Submitted January 18, 2008
Accepted January 18, 2009
CTLA-4 on alloreactive CD4 T cells interacts with recipient CD80/86 to promote tolerance
Josef Kurtz, Forum Raval, Casey Vallot, Jayden Der, and Megan Sykes*
Bone Marrow Transplantation Section, Transplantation Biology Research Center, Massachusetts General Hospital/Harvard Medical School, Boston, MA, United States
Department of Biology, Emmanuel College, Boston, MA, United States
* Corresponding author; email: megan.sykes{at}tbrc.mgh.harvard.edu.

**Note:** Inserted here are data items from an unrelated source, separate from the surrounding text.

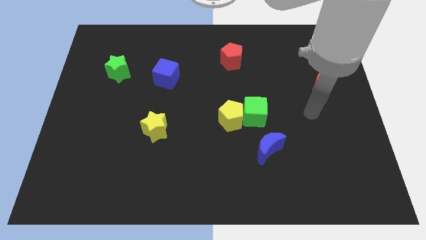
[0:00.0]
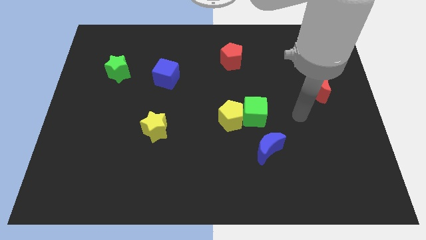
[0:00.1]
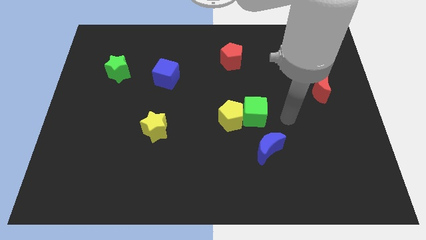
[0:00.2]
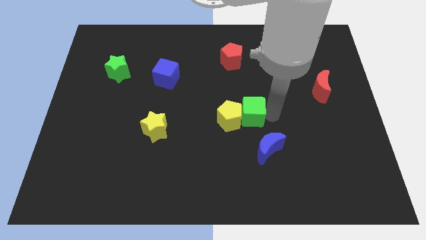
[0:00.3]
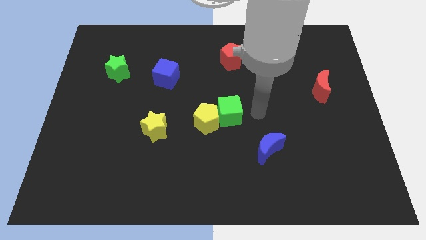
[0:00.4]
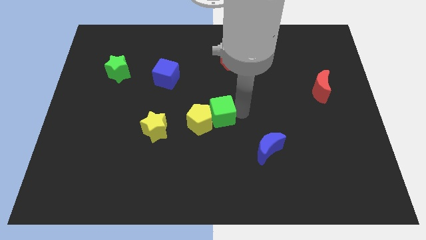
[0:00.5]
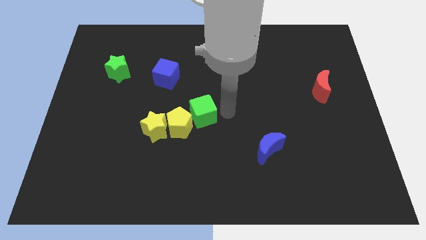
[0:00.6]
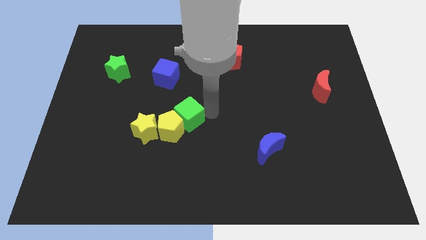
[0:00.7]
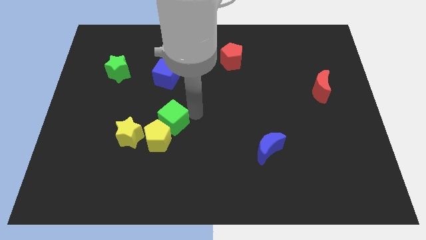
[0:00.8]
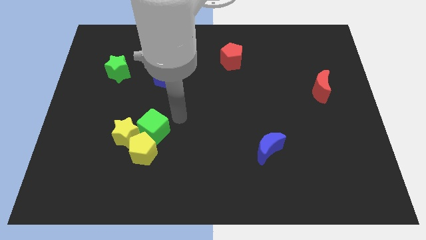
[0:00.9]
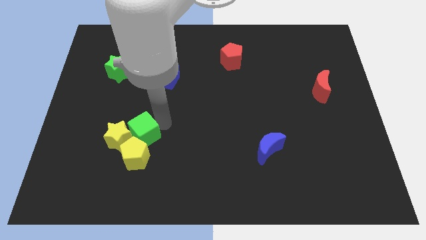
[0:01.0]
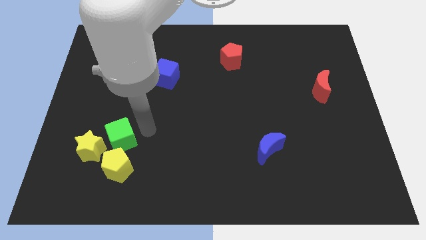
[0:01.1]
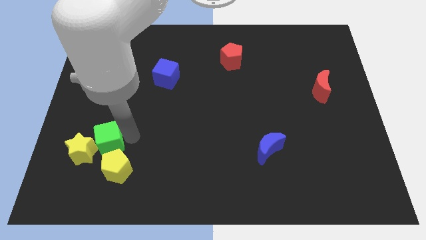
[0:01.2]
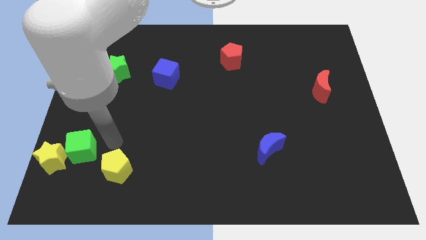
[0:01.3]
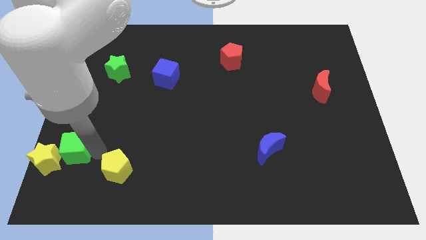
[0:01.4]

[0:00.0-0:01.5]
move the yellow pentagon away from the green cube

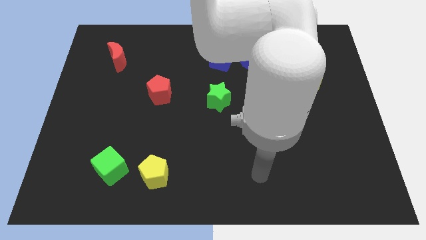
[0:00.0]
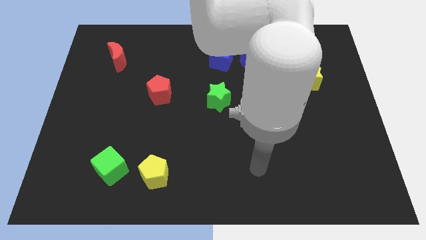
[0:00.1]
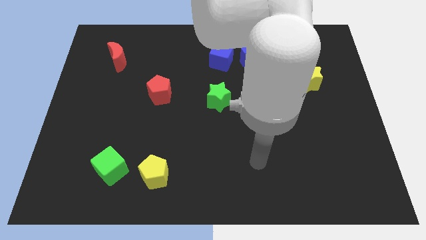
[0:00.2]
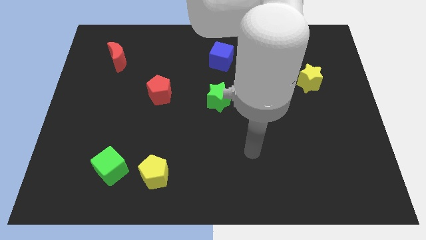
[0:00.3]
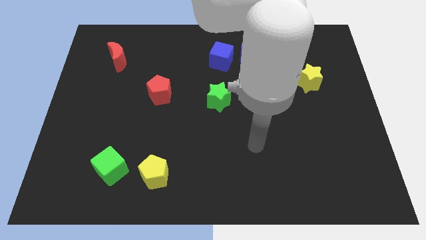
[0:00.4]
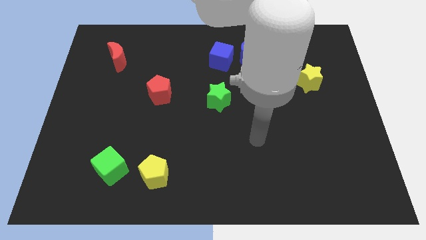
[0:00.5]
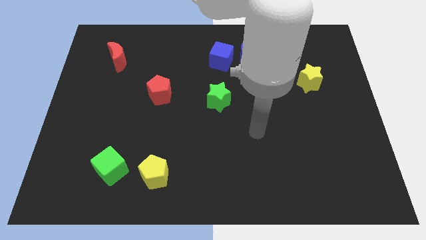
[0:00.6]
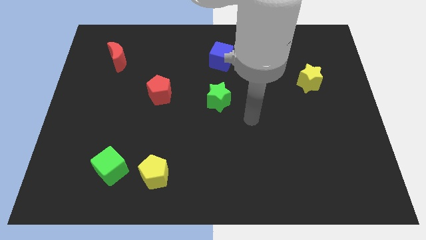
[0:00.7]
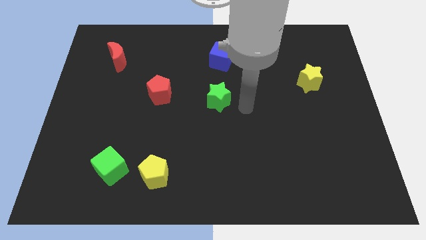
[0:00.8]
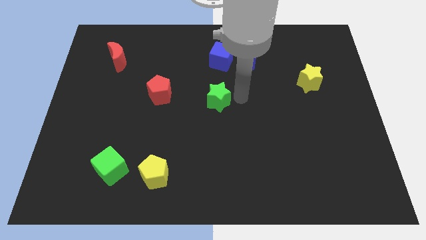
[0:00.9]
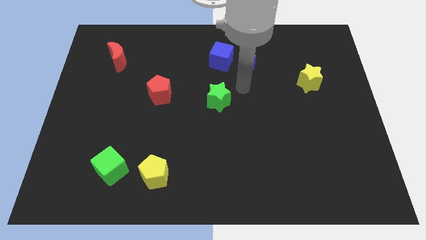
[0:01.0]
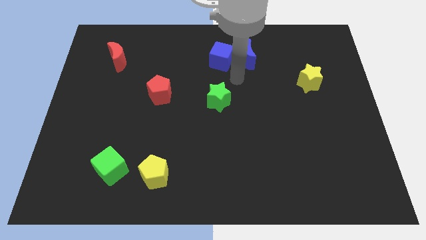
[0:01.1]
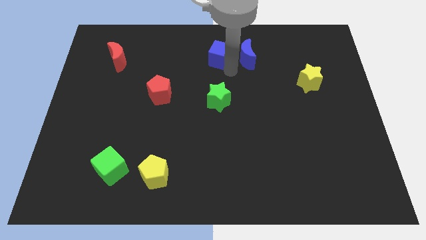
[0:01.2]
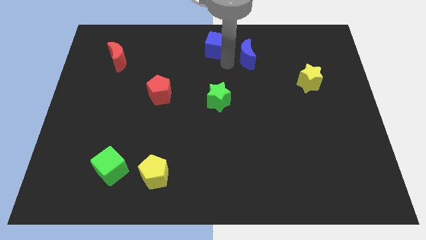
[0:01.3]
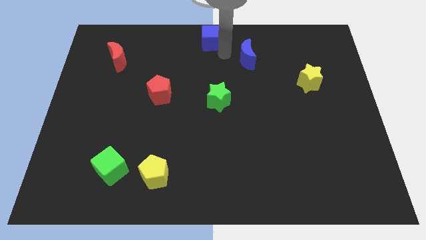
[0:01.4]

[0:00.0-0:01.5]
separate the blue moon from the blue cube

While the inhibitory receptor CTLA-4 (CD152) has been implicated in peripheral CD4 T cell tolerance, its mechanism of action remains poorly defined. We analyzed mechanisms of CD4 cell tolerance in a model of tolerance induction involving establishment of mixed hematopoietic chimerism in recipients of fully MHC-mismatched allogeneic bone marrow cells with anti-CD154 mAb. Animals lacking CD80 and CD86 failed to achieve chimerism. We detected no T cell-intrinsic requirement for CD28 for chimerism induction. However, a CD4 T cell-intrinsic signal through CTLA-4 was shown to be essential within the first 48 hours of exposure to alloantigen for the establishment of tolerance and mixed chimerism. This signal must be provided by a recipient CD80/86+ non-T cell population. Donor CD80/86 expression was insufficient to achieve tolerance. Together, our findings demonstrate a surprising role for interactions of CTLA-4 expressed by alloreactive peripheral CD4 T cells with CD80/86 on recipient APC in the induction of early tolerance, suggesting a 3-cell tolerance model involving directly alloreactive CD4 cells, donor antigen-expressing bone marrow cells and recipient antigen-presenting cells. This tolerance is independent of regulatory T cells and culminates in the deletion of directly alloreactive CD4 T cells.